DATA FOR THIS TASK
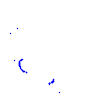
Particle: proton
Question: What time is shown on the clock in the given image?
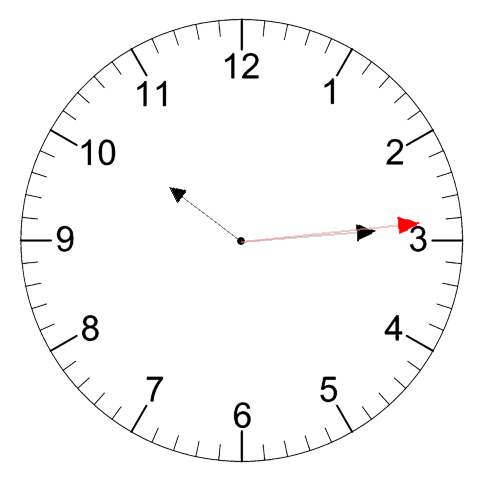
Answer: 10:14:14
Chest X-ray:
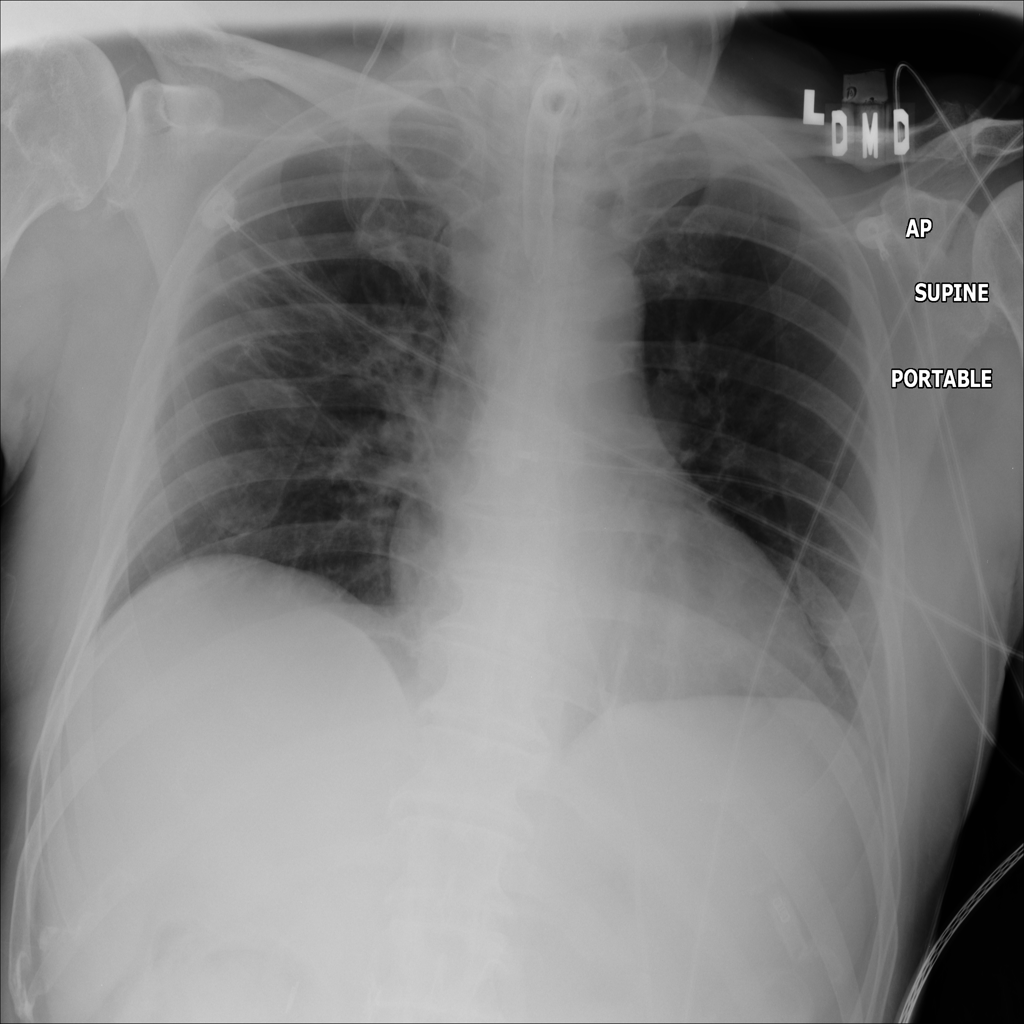
Findings: Consolidation, Effusion, Atelectasis
No abnormal finding: no
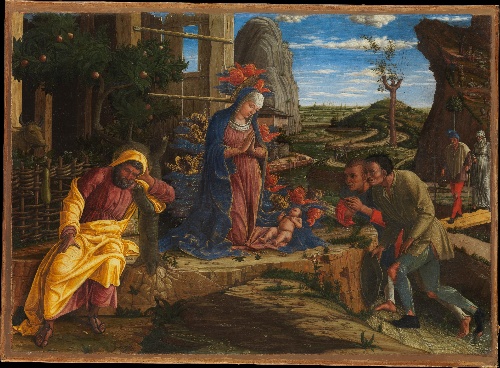
Title: The Adoration of the Shepherds
Artist: Andrea Mantegna
Artist bio: Italian, Isola di Carturo 1430/31–1506 Mantua
Date: shortly after 1450
Object type: Painting
Classification: Paintings
Medium: Tempera on canvas, transferred from wood
Dimensions: Overall 15 3/4 x 21 7/8 in. (40 x 55.6 cm); painted surface 14 7/8 x 21 in. (37.8 x 53.3 cm)
Department: European Paintings
Credit line: Purchase, Anonymous Gift, 1932
Accession year: 1932
Repository: Metropolitan Museum of Art, New York, NY
Tags: Holy Family|Jesus|Adoration of the Shepherds
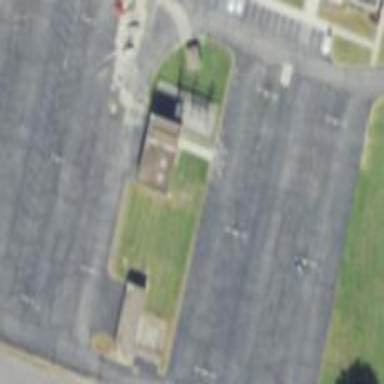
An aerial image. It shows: Parking area.
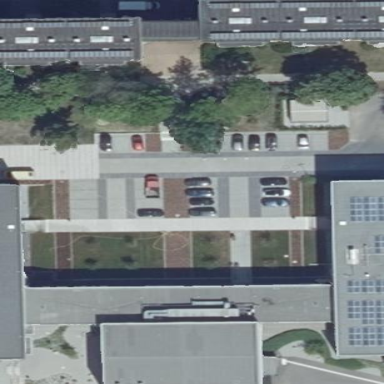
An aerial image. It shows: School building.
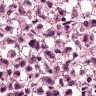
Metastatic tissue present: yes
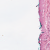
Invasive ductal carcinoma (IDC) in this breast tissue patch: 0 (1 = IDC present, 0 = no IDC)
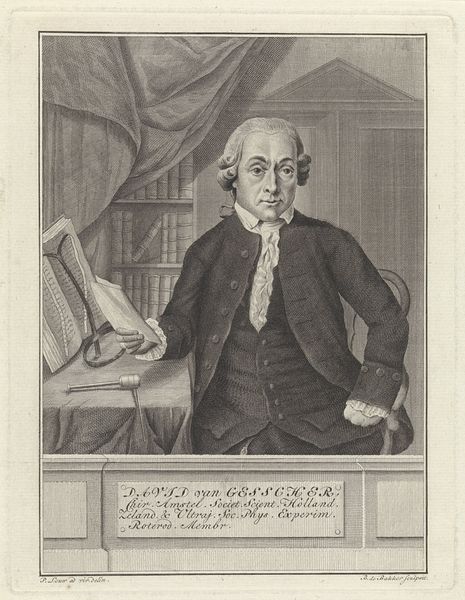
Titel: Portret van geneesheer en lector in chirurgie David van Gesscher
Künstler: Barent de Bakker
Standort: Amsterdam
Institution: Rijksmuseum
Schlagwörter: mann, stuhl, zimmer, barock, porträt, mantel, england, perücke, schrift, sitz, buch, schraffur, arzt, bibliothek, sir, kupferdruck, mante, experte
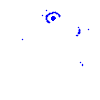
Particle: pion
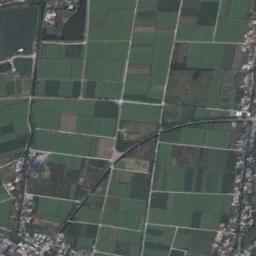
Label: rectangular_farmland
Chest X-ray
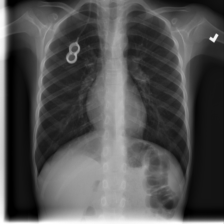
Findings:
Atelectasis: negative
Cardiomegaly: negative
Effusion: negative
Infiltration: negative
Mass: negative
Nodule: negative
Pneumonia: negative
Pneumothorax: negative
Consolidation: negative
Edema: negative
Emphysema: negative
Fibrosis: negative
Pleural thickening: negative
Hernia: negative
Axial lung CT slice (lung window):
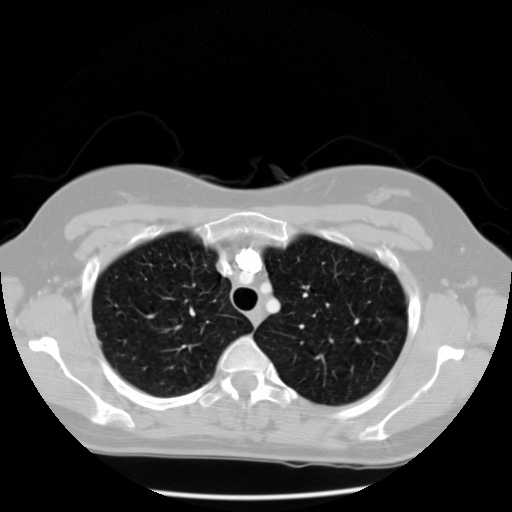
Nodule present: no
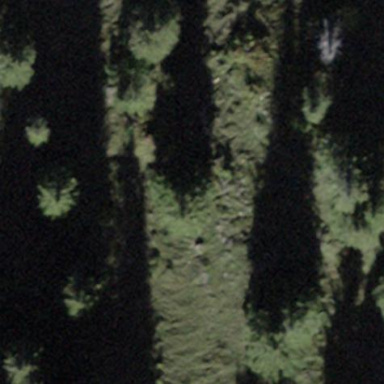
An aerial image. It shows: Forest area.
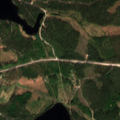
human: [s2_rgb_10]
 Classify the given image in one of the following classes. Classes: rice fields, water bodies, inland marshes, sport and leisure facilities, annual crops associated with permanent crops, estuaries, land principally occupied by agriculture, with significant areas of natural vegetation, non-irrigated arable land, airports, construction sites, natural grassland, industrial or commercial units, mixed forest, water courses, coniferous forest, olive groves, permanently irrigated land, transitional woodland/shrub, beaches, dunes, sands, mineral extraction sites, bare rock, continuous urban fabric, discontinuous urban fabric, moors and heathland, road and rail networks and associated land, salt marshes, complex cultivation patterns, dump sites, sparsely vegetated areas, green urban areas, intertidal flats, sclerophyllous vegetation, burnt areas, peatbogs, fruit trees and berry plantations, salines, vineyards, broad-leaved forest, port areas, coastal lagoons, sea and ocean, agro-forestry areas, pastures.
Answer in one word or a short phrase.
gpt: coniferous forest, mixed forest, water bodies
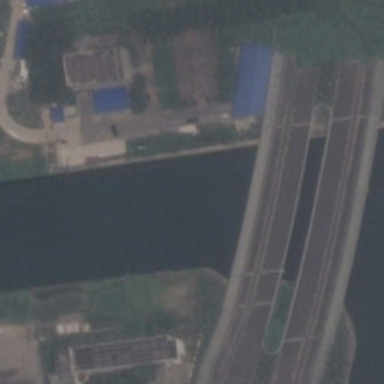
This is a big bridge and some buildings with a little grass .
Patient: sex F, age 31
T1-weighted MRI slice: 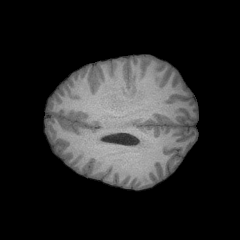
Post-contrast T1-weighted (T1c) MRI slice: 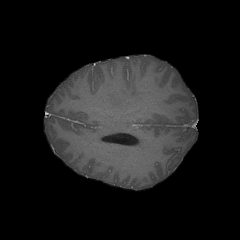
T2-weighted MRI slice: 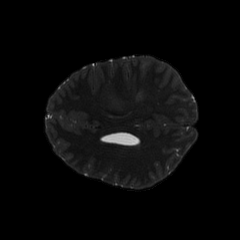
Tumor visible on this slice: yes
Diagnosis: Glioblastoma, IDH-wildtype
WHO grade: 4
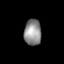
Tissue: skin
Cell type: Epithelial cells
Senescence score: 0.2028
Nuclear area (px): 436
Mean DAPI intensity: 142.385
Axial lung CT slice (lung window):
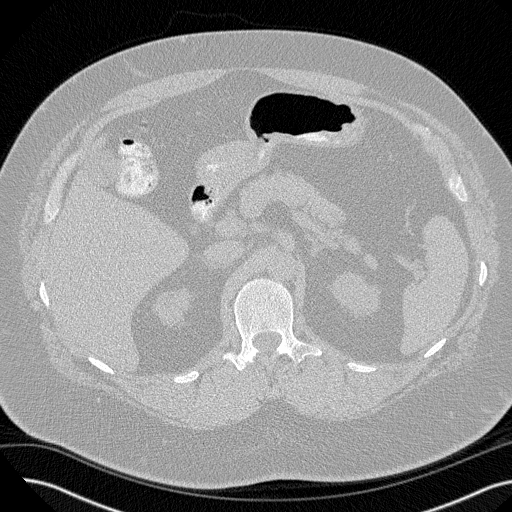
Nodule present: no
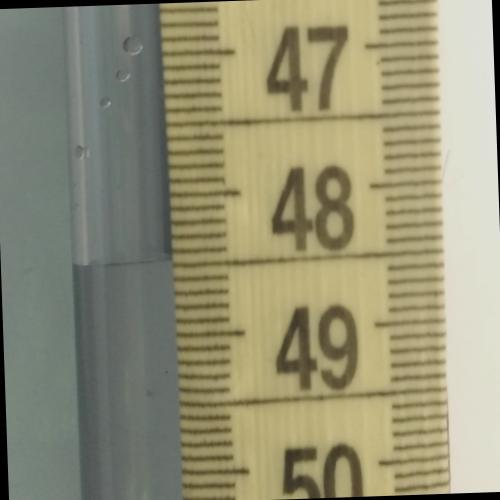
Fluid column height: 48.5 cm
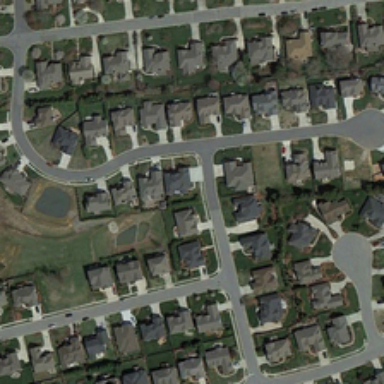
On both sides of the road were rows of gray roofs .
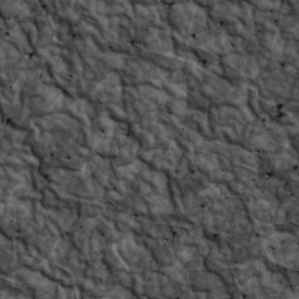
Label: non_frost

TASK
Your task is to retype the lines running from the one that contains "gpt: coniferous forest, mixed" through the end of the records, and nothing else. Pictures are not part of the copy.

SOLUTION TO THIS PROBLEM
gpt: coniferous forest, mixed forest, water bodies
This is a big bridge and some buildings with a little grass .
Patient: sex F, age 31
T1-weighted MRI slice: 
Post-contrast T1-weighted (T1c) MRI slice: 
T2-weighted MRI slice: 
Tumor visible on this slice: yes
Diagnosis: Glioblastoma, IDH-wildtype
WHO grade: 4
Tissue: skin
Cell type: Epithelial cells
Senescence score: 0.2028
Nuclear area (px): 436
Mean DAPI intensity: 142.385
Axial lung CT slice (lung window):
Nodule present: no
Fluid column height: 48.5 cm
On both sides of the road were rows of gray roofs .
Label: non_frost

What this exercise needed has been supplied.